GUEST:
The Internet of Things stands as one of the largest economic opportunities in the world. But it’s not just about consumer devices. Some of the biggest breakthroughs are taking place behind the scenes in factories, farms, and industrial sites to optimize production or increase energy efficiency.
The opportunity for IoT in industry, however, is also incredibly challenging and involves applications and a customer mindset that are far, far different than what some tech companies might be used to. The good news is that industrial IoT isn’t about producing simple gadgets. These will be sophisticated, elegant systems. The bad news is that meeting the performance specifications will be a mammoth task.
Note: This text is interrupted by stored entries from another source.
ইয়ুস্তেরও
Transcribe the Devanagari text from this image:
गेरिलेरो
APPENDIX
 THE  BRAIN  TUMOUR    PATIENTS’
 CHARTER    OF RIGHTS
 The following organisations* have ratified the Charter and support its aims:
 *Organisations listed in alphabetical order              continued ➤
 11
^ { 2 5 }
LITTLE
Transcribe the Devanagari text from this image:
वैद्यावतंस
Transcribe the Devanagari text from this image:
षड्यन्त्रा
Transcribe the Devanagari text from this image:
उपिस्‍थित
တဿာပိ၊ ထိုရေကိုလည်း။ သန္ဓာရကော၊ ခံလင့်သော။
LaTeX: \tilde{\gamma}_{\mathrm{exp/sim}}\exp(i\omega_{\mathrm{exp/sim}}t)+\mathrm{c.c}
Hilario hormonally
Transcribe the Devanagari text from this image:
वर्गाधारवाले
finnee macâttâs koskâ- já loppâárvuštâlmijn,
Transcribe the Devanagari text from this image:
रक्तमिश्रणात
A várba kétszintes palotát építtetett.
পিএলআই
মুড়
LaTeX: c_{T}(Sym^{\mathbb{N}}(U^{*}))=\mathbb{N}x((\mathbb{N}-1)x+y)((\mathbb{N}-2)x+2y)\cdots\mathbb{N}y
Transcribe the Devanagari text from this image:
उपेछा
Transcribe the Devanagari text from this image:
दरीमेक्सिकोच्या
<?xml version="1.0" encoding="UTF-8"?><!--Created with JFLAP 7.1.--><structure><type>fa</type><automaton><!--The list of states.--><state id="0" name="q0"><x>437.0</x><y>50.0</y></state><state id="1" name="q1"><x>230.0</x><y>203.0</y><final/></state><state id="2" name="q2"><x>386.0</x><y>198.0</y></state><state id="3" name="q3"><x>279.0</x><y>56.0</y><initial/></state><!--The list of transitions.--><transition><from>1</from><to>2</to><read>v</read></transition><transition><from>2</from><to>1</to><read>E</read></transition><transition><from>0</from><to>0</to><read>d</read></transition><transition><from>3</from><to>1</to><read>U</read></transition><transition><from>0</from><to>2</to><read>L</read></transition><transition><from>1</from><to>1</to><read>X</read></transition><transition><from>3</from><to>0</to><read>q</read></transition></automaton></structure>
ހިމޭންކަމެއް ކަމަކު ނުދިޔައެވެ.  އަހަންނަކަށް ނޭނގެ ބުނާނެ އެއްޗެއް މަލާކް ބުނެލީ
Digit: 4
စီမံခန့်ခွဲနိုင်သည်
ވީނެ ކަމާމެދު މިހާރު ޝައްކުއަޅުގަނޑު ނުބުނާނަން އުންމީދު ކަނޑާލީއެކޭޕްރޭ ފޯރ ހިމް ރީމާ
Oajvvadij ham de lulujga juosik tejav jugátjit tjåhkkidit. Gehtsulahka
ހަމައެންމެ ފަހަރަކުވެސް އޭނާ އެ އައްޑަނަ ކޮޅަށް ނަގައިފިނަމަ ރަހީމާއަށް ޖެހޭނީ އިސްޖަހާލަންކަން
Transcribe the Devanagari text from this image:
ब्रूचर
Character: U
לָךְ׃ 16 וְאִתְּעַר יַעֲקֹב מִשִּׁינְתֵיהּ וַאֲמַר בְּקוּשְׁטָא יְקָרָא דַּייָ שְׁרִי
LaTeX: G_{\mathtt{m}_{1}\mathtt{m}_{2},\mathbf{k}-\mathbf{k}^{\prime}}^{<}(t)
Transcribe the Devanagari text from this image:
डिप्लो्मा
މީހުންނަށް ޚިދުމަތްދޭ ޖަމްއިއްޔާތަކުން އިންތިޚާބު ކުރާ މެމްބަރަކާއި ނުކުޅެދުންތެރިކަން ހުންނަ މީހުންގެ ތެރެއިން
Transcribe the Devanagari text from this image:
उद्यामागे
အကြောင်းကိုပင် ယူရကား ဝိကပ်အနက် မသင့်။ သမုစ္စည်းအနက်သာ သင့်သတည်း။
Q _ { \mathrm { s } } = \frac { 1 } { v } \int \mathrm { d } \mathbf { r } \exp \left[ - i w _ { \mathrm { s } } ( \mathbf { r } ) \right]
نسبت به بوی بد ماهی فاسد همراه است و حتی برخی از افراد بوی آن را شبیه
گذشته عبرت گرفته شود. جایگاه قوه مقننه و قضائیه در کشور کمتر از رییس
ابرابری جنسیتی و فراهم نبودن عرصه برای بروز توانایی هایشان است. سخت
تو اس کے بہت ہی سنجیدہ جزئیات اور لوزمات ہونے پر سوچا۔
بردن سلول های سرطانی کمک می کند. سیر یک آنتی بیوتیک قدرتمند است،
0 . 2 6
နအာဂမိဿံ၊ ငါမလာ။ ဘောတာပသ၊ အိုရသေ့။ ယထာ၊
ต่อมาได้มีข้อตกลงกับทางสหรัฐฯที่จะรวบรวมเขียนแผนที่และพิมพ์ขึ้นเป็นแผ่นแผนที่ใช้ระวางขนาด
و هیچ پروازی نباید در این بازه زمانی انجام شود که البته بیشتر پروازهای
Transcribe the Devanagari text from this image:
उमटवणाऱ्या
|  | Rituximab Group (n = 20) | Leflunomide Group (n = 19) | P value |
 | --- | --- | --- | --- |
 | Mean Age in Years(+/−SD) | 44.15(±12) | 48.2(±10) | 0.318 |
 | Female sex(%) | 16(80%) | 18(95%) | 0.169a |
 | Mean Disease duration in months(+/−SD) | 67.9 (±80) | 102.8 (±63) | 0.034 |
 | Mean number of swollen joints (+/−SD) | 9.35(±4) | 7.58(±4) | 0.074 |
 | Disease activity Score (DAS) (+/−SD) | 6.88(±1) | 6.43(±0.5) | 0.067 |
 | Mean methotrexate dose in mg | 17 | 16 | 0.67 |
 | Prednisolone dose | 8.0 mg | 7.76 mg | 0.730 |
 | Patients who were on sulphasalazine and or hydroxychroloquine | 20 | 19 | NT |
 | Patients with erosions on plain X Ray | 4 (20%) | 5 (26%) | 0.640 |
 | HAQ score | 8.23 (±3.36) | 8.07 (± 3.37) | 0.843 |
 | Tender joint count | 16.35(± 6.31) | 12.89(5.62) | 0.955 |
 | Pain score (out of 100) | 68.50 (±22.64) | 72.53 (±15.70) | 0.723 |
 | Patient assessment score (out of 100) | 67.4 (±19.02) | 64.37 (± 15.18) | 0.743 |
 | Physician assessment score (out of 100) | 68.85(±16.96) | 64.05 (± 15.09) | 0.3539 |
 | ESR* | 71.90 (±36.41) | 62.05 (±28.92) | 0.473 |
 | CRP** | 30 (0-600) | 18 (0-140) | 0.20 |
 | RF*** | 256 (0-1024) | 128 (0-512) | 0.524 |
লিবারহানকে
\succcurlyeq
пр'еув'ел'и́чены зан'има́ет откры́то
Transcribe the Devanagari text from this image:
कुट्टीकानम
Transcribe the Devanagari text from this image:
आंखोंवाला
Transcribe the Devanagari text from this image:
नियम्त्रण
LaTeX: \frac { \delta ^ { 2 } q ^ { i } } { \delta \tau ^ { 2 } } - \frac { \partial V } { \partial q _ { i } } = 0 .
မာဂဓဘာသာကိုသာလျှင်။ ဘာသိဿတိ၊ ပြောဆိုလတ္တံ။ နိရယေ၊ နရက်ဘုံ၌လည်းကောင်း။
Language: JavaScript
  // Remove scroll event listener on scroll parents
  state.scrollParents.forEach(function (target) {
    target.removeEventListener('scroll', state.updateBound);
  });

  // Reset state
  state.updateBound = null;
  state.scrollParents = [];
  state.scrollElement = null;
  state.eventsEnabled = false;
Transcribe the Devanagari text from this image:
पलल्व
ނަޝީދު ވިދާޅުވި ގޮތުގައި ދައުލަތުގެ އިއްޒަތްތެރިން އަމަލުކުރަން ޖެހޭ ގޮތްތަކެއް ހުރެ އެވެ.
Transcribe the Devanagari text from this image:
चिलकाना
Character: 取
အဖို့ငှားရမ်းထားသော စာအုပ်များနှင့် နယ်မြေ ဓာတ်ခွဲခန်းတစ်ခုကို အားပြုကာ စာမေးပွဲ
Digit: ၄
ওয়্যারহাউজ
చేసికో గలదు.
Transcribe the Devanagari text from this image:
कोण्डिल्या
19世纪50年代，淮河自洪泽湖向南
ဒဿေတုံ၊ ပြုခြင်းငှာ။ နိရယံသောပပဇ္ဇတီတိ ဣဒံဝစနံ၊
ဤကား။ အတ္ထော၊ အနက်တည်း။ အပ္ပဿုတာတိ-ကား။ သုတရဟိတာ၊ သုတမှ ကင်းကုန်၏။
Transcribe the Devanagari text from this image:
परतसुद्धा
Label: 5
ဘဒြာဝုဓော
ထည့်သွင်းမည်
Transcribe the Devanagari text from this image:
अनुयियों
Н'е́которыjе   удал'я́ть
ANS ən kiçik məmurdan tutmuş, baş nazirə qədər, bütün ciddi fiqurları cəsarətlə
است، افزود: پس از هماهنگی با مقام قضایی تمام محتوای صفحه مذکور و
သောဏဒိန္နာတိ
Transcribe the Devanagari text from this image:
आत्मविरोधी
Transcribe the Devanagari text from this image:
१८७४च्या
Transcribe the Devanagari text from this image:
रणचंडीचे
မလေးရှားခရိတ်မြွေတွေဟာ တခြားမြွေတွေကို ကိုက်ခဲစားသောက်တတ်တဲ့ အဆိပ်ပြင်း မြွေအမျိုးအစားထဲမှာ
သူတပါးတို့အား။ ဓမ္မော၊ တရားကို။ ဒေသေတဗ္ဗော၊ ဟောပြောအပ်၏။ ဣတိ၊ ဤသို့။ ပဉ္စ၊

Industrial systems are built to manage problems and processes — drilling undersea wells, controlling large-scale chemical reactors or optimizing locomotive engines — in real time. There is little, if any, room for error. If an assembly line crashes, it could become an occupational hazard and z financial disaster. Even systems for controlling lighting or heating can involve dizzying layers of complexity. Smaller, faster, better is less important than resilient, reliable, and consistent. Worker safety and security exceeds all other concerns.
Move fast and break things isn’t a philosophy to live by for industrial customers. It’s their biggest fear.
Product lifetimes are also incredibly long. In the U.S., the average age of large power transformers is over 40 years. The average age of a data center server is three years. Traditional tech companies moving into industrial IoT will have to harden their technologies to operate within extremes of temperature, moisture, vibration and pressure. Redundant connectivity, storage capacity and/or processing power will be the norm.
Many products will also have to live on their own. In agriculture, a surprising early adopter, IoT is being deployed to monitor irrigation systems spread over thousands of acres. Offshore wind farms want Internet-enabled bearing systems so they can reduce the number of times they have to send technicians out to sea.
Industrial IoT promises substantial payoffs. Take the energy industry, for example. Worldwide, industrial customers purchase, but lose, enough electricity every year to power the U.S. for five years.* Not all of that energy can be recovered, but it gives you a sense of the scale of what can be achieved with IoT technology. And then there’s the analytics end of the equation, where further investment could yield big results: McKinsey & Co estimates that less than one percent of the data from the approximately 30,000 sensors on an offshore oil rig gets exploited for decision making.
One of the early markets where you will see rapid changes is security and monitoring systems. A number of airports and large municipalities want to be able to analyze video streams from cameras in real-time to improve safety or get better visibility into core operations. It’s a tall order. A single high-resolution video camera can generate hundreds of megabytes per minute and a large industrial site can have hundreds of them.
Do you create a hardened, high-speed network where cameras deliver massive HD streams to central servers for facial recognition (without dropping any frames). Or do you beef up the technology inside individual cameras for local matching? Or do you create a hybrid architecture where an intelligent camera scans for approximate matches and data center servers try to pinpoint exact matches? These are some of the questions currently being tackled in labs and board rooms.
That said, this will be a two-way street, and industrial customers will likely start to update products more rapidly, taking greater advantage of new algorithms or the magic of Moore’s Law. Inserting 5GB into a fan pump or variable speed motor today might seem ludicrous. Five years from now, it will seem ludicrous not to have it.
You will also see security practices from the computing industry move into industry. Despite the high standards of safety practiced by manufacturers, cyber security precautions used in the SCADA systems for machinery are actually “often weak,” writes the U.S. Department of Energy. Lessons from containing zero day threats and other problems will migrate to the factory floor.
IoT-enabled industry is coming. The gains are just too big to ignore. But it’s going to take a meeting of the minds to get there.
*Here is the math: Industrial customers buy, but lose, 66 quadrillion BTUs or quads of electricity every year, according to the EIA. 66 quads equals 19.3 trillion kilowatt hours (1 quad = 293.3 billion kwh). The U.S. consumes around 12,000 kilowatt hours per person, and there are 318.9 million people in the U.S., bringing the total to approximately 3.827 trillion kilowatt hours. 19.3 divided by 3.83 comes to 5.039.
Chris Bergey is Vice President and General Manager of Mobile Connected Solutions at SanDisk.